--- INFORMATION Enclosed Below ---

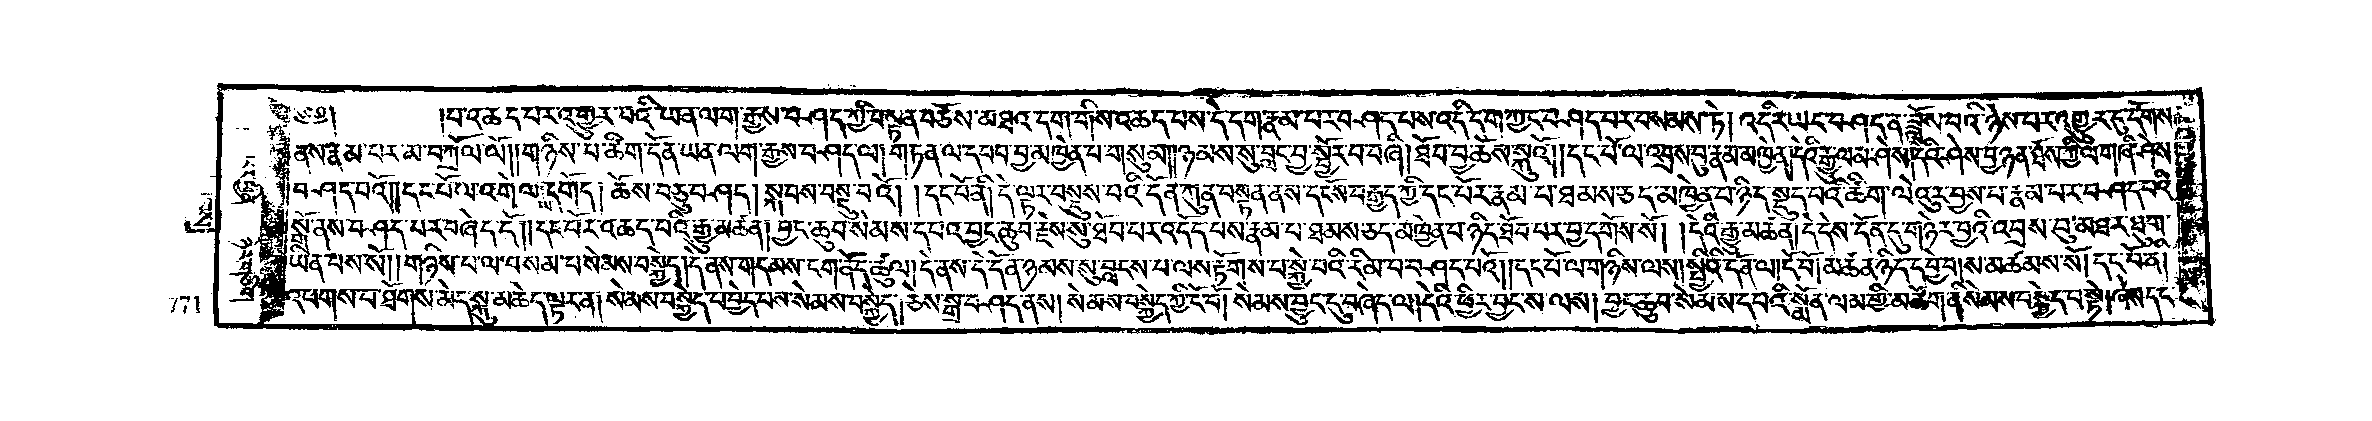༄༅། །པ་འཆད་པར་འགྱུར་བའི་ཡན་ལག་རྒྱས་བཤད་ཀྱི་བསྟན་བཅོས་མཐའ་དག་གིས་འཆད་པས་དེ་དག་རྣམ་པར་བཤད་པས་འདི་དག་ཀྱང་བཤད་པར་བསམས་ཏེ། འདིར་ཡང་བཤད་ན་ཟློས་བའི་ཉེས་པར་འགྱུར་དུ་དོགས་
ནས་རྣམ་པར་མ་བཀྲོལ་ལོ། །གཉིས་པ་ཚིག་དོན་ཡན་ལག་རྒྱས་བཤད་ལ། གཏན་ལ་དབབ་བྱ་མཁྱེན་པ་གསུམ། །ཉམས་སུ་བླང་བྱ་སྦྱོར་བ་བཞི། ཐོབ་བྱ་ཆོས་སྐུའོ། །དང་པོ་ལ་འབྲས་བུ་རྣམ་མཁྱེན། དེའི་རྒྱུ་ལམ་ཤེས། དེའི་ཤེས་བྱ་ཉན་ཐོས་ཀྱི་ལ་གཞི་ཤེས་
བཤད་པའོ། །དང་པོ་ལ་འགེལ་ཡ་དགོད། ཆོས་བཅུ་བཤད། སྐབས་བསྡུ་བའོ། །དང་པོ་ནི། དེ་ལྟར་བསྡུས་པའི་དོན་ཀུན་བསྟན་ནས་དངོས་བརྒྱད་ཀྱི་དང་པོར་རྣམ་པ་ཐམས་ཅད་མཁྱེན་པ་ཉིད་སྡུད་པའི་ཚིག་ལེའུར་བཡས་པ་རྣམ་པར་བཤད་པའི་
སྒོ་ནས་བཤད་པར་བཞེད་དོ། །དང་པོར་འཆད་པའི་རྒྱུ་མཚན། བྱང་ཆུབ་སེམས་དཔའ་བྱང་ཆུབ་རྗེས་སུ་ཐོབ་པར་འདོད་པས་རྣམ་པ་ཐམས་ཅད་མཁྱེན་པ་ཉིད་ཐོབ་པར་བྱ་དགོས་སོ། །དེའི་རྒྱུ་མཚན། དེ་དེས་དོན་དུ་གཉེར་བྱའི་འབྲས་བུ་མཐར་ཐུག་
ཡིན་པས་སོ། །གཉིས་པ་ལ་བསམ་པ་སེམས་བསྐྱེད། དེ་ནས་གདམས་ངག་ནོད་ཚུལ། དེ་ནས་དེ་དོན་ཉམས་སུ་བླངས་པ་ལས་རྟོགས་པ་སྐྱེ་བའི་རིམ་པ་བཤད་པའོ། །དང་པོ་ལ་གཉིས་ལས། སྤྱིའི་དོན་ལ། ངོ་བོ། མཚན་ཉིད་དབྱེ་བ། ས་མཚམས་སོ། དང་པོ་ནི།
འཕགས་པ་ཐོགས་མེད་སྐུ་མཆེད་ལྟར་ན། སེམས་བསྐྱེད་པ་བྱེད་པས་སེམས་བསྐྱེད། ཅེས་སྒྲ་བཤད་ནས། སེམས་བསྐྱེད་ཀྱི་ངོ་བོ། སེམས་བྱུང་དུ་བཞེད་ལ། དེའི་ཕྱིར་བྱང་ས་ལས། བྱང་ཆུབ་སེམས་དཔའི་སྨོན་ལམ་གྱི་མཆོག་ནི་སེམས་བསྐྱེད་པ་སྟེ། ཞེས་དང་

--- End of Enclosed INFORMATION ---

Pictures are not part of the copy. Restate everything else in the listing word for word.

༄༅། །པ་འཆད་པར་འགྱུར་བའི་ཡན་ལག་རྒྱས་བཤད་ཀྱི་བསྟན་བཅོས་མཐའ་དག་གིས་འཆད་པས་དེ་དག་རྣམ་པར་བཤད་པས་འདི་དག་ཀྱང་བཤད་པར་བསམས་ཏེ། འདིར་ཡང་བཤད་ན་ཟློས་བའི་ཉེས་པར་འགྱུར་དུ་དོགས་
ནས་རྣམ་པར་མ་བཀྲོལ་ལོ། །གཉིས་པ་ཚིག་དོན་ཡན་ལག་རྒྱས་བཤད་ལ། གཏན་ལ་དབབ་བྱ་མཁྱེན་པ་གསུམ། །ཉམས་སུ་བླང་བྱ་སྦྱོར་བ་བཞི། ཐོབ་བྱ་ཆོས་སྐུའོ། །དང་པོ་ལ་འབྲས་བུ་རྣམ་མཁྱེན། དེའི་རྒྱུ་ལམ་ཤེས། དེའི་ཤེས་བྱ་ཉན་ཐོས་ཀྱི་ལ་གཞི་ཤེས་
བཤད་པའོ། །དང་པོ་ལ་འགེལ་ཡ་དགོད། ཆོས་བཅུ་བཤད། སྐབས་བསྡུ་བའོ། །དང་པོ་ནི། དེ་ལྟར་བསྡུས་པའི་དོན་ཀུན་བསྟན་ནས་དངོས་བརྒྱད་ཀྱི་དང་པོར་རྣམ་པ་ཐམས་ཅད་མཁྱེན་པ་ཉིད་སྡུད་པའི་ཚིག་ལེའུར་བཡས་པ་རྣམ་པར་བཤད་པའི་
སྒོ་ནས་བཤད་པར་བཞེད་དོ། །དང་པོར་འཆད་པའི་རྒྱུ་མཚན། བྱང་ཆུབ་སེམས་དཔའ་བྱང་ཆུབ་རྗེས་སུ་ཐོབ་པར་འདོད་པས་རྣམ་པ་ཐམས་ཅད་མཁྱེན་པ་ཉིད་ཐོབ་པར་བྱ་དགོས་སོ། །དེའི་རྒྱུ་མཚན། དེ་དེས་དོན་དུ་གཉེར་བྱའི་འབྲས་བུ་མཐར་ཐུག་
ཡིན་པས་སོ། །གཉིས་པ་ལ་བསམ་པ་སེམས་བསྐྱེད། དེ་ནས་གདམས་ངག་ནོད་ཚུལ། དེ་ནས་དེ་དོན་ཉམས་སུ་བླངས་པ་ལས་རྟོགས་པ་སྐྱེ་བའི་རིམ་པ་བཤད་པའོ། །དང་པོ་ལ་གཉིས་ལས། སྤྱིའི་དོན་ལ། ངོ་བོ། མཚན་ཉིད་དབྱེ་བ། ས་མཚམས་སོ། དང་པོ་ནི།
འཕགས་པ་ཐོགས་མེད་སྐུ་མཆེད་ལྟར་ན། སེམས་བསྐྱེད་པ་བྱེད་པས་སེམས་བསྐྱེད། ཅེས་སྒྲ་བཤད་ནས། སེམས་བསྐྱེད་ཀྱི་ངོ་བོ། སེམས་བྱུང་དུ་བཞེད་ལ། དེའི་ཕྱིར་བྱང་ས་ལས། བྱང་ཆུབ་སེམས་དཔའི་སྨོན་ལམ་གྱི་མཆོག་ནི་སེམས་བསྐྱེད་པ་སྟེ། ཞེས་དང་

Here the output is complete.